THE TASK
Go through the data below. Pull out every line that has the word "vent".

Dataset items:
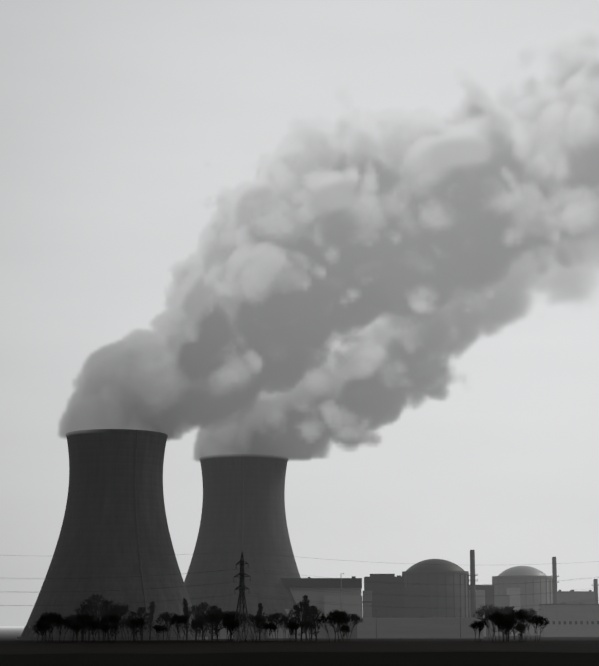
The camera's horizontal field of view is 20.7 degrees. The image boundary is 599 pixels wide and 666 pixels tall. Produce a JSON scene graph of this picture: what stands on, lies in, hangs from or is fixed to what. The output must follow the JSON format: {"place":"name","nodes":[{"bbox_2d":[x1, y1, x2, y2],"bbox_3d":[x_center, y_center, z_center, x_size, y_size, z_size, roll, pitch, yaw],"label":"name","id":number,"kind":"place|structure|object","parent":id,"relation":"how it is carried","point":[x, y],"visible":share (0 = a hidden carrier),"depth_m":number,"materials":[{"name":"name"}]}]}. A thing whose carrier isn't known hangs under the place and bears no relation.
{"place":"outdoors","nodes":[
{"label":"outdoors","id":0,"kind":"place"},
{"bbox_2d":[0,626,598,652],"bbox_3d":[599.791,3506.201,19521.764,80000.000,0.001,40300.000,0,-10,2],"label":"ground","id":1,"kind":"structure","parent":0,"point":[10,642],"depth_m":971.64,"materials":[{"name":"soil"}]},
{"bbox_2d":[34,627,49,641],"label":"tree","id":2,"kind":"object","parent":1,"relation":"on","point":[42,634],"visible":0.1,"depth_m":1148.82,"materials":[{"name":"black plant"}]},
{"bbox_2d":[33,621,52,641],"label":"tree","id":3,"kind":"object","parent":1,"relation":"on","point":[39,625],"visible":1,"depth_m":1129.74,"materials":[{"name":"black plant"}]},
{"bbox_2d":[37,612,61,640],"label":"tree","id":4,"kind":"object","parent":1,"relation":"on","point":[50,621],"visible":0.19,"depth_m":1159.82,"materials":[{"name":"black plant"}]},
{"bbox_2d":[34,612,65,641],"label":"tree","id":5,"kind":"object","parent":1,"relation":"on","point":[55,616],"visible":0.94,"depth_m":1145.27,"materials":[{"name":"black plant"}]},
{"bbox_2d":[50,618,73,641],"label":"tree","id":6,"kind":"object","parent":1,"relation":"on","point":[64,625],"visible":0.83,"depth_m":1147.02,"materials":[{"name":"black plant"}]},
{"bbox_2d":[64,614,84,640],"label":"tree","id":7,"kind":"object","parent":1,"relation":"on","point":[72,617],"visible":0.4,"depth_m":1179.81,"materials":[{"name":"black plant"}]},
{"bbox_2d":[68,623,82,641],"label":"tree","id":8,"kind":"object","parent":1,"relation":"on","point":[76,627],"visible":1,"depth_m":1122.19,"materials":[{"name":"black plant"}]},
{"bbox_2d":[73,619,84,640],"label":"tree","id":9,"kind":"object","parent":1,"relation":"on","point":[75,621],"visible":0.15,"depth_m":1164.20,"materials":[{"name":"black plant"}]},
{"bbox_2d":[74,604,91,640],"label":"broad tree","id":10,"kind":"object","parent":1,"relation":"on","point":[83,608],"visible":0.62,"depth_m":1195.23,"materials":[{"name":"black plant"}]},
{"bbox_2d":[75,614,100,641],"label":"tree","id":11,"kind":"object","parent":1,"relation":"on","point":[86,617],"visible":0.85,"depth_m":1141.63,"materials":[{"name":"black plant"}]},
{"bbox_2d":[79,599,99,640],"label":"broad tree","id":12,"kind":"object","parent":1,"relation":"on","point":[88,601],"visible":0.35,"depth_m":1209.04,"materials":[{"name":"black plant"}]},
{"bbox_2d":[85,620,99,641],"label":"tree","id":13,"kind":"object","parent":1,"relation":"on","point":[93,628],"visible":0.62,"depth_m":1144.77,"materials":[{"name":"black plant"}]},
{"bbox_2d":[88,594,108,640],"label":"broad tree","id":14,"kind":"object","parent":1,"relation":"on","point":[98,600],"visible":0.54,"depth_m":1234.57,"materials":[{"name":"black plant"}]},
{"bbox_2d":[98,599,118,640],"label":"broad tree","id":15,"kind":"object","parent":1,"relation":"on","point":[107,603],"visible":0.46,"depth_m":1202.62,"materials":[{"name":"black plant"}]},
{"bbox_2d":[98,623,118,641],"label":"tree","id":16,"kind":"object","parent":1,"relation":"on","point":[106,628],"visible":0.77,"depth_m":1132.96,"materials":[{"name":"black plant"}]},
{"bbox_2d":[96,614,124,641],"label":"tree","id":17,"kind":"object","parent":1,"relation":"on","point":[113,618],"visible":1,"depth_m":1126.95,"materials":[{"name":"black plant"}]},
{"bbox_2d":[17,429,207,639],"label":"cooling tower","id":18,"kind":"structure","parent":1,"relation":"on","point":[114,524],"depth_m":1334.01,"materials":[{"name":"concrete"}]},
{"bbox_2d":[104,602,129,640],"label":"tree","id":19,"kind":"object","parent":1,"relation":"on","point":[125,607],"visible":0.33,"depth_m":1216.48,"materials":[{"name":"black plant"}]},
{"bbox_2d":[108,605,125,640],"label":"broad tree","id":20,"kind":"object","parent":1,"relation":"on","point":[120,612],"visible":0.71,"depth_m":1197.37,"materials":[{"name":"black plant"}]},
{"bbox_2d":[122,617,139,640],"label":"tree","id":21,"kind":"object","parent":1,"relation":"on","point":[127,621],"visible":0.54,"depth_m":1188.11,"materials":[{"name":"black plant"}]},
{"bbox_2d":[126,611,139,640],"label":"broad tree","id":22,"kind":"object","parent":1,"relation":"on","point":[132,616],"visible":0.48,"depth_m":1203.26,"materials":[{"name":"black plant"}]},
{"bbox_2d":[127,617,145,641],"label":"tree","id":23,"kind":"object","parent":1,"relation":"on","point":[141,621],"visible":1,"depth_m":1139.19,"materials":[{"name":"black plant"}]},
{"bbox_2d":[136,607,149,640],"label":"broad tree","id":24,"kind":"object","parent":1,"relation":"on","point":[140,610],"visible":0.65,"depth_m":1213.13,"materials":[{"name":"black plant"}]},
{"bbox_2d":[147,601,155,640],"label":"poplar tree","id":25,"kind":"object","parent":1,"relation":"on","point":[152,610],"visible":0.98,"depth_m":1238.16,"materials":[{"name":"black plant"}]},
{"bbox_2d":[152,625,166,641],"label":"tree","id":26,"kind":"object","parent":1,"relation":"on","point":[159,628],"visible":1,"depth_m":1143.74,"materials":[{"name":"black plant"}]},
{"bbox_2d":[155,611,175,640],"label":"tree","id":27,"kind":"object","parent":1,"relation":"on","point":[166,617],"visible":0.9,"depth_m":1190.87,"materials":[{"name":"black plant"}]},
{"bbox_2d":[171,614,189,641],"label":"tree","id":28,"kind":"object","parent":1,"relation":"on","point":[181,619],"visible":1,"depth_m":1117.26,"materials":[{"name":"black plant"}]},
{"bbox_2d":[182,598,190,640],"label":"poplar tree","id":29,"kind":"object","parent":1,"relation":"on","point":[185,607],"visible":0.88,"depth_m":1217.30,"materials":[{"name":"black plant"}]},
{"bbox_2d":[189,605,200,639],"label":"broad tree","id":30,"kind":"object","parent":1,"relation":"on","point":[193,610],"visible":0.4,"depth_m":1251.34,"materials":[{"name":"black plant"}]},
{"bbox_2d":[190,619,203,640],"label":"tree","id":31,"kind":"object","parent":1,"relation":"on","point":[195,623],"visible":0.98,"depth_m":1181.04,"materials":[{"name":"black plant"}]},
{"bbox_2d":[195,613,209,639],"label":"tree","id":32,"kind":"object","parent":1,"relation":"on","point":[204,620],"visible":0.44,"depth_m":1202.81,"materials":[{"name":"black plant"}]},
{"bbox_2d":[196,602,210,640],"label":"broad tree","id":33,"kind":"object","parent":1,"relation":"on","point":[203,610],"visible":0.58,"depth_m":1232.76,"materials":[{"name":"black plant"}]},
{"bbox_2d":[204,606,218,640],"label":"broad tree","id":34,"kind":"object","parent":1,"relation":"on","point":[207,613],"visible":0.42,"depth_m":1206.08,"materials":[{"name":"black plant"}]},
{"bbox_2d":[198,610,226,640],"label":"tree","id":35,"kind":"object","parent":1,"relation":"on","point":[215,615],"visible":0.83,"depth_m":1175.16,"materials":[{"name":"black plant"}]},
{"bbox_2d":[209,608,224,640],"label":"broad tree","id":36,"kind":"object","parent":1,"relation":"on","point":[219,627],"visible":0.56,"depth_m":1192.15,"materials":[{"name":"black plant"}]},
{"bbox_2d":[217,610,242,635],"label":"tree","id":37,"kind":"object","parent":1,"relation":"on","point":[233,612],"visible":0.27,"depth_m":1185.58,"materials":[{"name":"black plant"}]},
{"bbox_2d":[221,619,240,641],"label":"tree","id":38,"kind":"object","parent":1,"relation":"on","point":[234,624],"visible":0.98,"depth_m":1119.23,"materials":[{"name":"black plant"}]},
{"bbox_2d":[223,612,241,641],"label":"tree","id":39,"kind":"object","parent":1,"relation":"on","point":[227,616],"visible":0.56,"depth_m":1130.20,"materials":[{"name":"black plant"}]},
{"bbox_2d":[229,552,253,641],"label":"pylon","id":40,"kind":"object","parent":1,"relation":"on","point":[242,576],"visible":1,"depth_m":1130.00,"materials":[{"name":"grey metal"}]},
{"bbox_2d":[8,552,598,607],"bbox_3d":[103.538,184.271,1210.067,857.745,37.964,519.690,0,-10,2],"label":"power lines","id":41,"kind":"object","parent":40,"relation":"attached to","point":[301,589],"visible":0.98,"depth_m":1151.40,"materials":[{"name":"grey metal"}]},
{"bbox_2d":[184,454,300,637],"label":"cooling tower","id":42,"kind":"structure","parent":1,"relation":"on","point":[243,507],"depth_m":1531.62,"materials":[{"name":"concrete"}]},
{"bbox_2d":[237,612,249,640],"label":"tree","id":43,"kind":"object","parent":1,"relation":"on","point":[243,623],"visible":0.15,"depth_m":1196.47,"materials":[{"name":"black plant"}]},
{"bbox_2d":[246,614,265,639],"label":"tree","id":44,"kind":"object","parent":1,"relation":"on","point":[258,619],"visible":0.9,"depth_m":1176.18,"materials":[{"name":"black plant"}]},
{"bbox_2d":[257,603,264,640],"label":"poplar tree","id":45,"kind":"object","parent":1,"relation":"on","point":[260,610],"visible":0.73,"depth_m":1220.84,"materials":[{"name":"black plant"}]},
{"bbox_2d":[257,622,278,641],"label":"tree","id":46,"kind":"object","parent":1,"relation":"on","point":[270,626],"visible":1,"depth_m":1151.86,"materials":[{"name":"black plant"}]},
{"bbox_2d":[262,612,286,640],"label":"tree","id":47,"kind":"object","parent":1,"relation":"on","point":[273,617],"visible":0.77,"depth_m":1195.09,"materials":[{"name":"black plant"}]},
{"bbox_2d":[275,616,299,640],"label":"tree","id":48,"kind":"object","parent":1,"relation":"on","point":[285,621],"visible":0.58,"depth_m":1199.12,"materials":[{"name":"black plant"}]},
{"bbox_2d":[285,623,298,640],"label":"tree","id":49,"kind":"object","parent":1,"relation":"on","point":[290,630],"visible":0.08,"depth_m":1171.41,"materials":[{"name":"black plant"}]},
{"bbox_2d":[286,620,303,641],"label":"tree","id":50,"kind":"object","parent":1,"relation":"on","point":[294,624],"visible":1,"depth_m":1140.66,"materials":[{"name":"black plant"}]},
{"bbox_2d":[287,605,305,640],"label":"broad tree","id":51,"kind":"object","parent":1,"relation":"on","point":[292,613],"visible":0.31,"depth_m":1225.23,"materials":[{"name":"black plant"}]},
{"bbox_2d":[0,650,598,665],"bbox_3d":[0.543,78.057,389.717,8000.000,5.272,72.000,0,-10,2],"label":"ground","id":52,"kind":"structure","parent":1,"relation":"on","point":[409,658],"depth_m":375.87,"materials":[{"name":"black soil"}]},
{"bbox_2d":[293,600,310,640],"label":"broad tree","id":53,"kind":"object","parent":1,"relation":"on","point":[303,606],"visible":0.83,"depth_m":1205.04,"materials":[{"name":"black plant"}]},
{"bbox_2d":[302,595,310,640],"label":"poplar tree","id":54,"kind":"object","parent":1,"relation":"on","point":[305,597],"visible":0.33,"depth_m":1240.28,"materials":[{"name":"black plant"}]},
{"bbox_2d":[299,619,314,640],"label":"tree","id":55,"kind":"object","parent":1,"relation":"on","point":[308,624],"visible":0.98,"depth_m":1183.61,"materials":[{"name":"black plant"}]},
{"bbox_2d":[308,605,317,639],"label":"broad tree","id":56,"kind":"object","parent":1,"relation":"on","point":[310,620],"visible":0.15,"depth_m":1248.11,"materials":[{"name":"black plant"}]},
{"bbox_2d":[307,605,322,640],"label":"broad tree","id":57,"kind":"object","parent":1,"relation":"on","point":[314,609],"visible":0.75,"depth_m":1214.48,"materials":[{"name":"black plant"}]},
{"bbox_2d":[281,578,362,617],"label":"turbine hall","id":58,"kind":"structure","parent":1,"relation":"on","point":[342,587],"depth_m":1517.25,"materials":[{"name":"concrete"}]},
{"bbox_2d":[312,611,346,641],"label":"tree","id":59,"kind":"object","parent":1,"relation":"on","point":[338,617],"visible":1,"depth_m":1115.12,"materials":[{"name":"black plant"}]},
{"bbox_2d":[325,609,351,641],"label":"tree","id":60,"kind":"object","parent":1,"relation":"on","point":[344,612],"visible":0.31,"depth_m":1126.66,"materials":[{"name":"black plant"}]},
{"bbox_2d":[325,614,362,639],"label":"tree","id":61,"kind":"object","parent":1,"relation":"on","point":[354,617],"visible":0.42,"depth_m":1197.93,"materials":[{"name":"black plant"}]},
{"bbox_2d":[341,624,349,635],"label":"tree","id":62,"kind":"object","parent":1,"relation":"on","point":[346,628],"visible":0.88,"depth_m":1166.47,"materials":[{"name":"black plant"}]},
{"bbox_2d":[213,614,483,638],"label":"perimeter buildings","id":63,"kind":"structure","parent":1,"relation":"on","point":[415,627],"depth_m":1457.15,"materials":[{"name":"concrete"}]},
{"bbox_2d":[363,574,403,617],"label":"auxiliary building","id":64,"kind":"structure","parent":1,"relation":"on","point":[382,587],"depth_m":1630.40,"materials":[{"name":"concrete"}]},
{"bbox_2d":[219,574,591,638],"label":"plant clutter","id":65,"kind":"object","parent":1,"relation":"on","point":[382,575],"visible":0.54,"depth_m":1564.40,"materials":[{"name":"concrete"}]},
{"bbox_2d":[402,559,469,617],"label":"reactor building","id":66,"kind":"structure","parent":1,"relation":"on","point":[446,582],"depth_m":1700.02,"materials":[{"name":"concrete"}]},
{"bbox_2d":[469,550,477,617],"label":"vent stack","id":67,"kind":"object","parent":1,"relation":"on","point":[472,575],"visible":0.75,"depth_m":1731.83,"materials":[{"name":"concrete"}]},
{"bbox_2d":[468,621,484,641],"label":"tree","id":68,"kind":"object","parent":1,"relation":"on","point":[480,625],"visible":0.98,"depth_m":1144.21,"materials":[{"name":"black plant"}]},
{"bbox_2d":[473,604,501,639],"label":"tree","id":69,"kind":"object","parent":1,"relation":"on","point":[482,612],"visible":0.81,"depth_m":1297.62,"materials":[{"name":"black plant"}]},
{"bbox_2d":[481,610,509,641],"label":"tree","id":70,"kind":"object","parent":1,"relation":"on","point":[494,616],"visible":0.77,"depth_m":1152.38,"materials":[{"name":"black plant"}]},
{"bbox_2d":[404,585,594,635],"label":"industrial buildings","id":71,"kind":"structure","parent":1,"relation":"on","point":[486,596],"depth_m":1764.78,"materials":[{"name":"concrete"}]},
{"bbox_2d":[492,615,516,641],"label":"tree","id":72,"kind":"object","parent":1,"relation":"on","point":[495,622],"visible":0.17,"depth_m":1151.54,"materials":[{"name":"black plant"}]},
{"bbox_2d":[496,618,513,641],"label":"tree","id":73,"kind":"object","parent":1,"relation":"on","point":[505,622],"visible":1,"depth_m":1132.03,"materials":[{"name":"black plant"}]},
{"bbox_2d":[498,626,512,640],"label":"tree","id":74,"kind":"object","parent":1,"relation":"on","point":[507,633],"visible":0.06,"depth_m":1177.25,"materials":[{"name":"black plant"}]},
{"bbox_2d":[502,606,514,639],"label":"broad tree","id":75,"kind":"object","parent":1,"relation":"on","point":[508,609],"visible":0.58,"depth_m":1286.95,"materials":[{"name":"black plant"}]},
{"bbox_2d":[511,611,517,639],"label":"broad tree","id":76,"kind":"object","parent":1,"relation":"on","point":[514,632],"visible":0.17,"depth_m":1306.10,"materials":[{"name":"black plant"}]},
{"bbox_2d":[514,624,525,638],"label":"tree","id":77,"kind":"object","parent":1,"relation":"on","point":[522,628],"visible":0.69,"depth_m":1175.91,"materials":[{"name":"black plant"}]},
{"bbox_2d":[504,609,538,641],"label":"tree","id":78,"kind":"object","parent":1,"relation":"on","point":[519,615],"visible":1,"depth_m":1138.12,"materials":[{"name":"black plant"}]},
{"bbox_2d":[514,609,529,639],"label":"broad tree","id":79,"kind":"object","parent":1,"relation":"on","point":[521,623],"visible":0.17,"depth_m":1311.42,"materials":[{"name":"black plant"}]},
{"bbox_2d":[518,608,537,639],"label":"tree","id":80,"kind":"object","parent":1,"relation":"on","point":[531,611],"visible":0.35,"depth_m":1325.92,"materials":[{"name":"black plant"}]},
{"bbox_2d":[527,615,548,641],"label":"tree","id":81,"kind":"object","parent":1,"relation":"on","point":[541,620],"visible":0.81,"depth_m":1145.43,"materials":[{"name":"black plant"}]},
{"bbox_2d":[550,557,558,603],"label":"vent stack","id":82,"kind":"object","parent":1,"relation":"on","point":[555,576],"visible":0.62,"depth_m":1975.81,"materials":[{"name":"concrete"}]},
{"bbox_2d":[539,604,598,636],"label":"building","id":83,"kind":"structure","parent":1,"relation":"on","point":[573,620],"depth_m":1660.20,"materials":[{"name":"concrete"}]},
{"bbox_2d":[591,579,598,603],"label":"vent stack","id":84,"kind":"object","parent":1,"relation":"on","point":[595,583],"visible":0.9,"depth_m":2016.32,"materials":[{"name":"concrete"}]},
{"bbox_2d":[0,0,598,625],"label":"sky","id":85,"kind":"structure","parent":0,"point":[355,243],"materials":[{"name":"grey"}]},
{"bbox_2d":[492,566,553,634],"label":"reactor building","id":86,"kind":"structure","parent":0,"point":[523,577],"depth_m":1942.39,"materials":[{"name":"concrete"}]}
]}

REPLY
{"bbox_2d":[469,550,477,617],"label":"vent stack","id":67,"kind":"object","parent":1,"relation":"on","point":[472,575],"visible":0.75,"depth_m":1731.83,"materials":[{"name":"concrete"}]},
{"bbox_2d":[550,557,558,603],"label":"vent stack","id":82,"kind":"object","parent":1,"relation":"on","point":[555,576],"visible":0.62,"depth_m":1975.81,"materials":[{"name":"concrete"}]},
{"bbox_2d":[591,579,598,603],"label":"vent stack","id":84,"kind":"object","parent":1,"relation":"on","point":[595,583],"visible":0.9,"depth_m":2016.32,"materials":[{"name":"concrete"}]},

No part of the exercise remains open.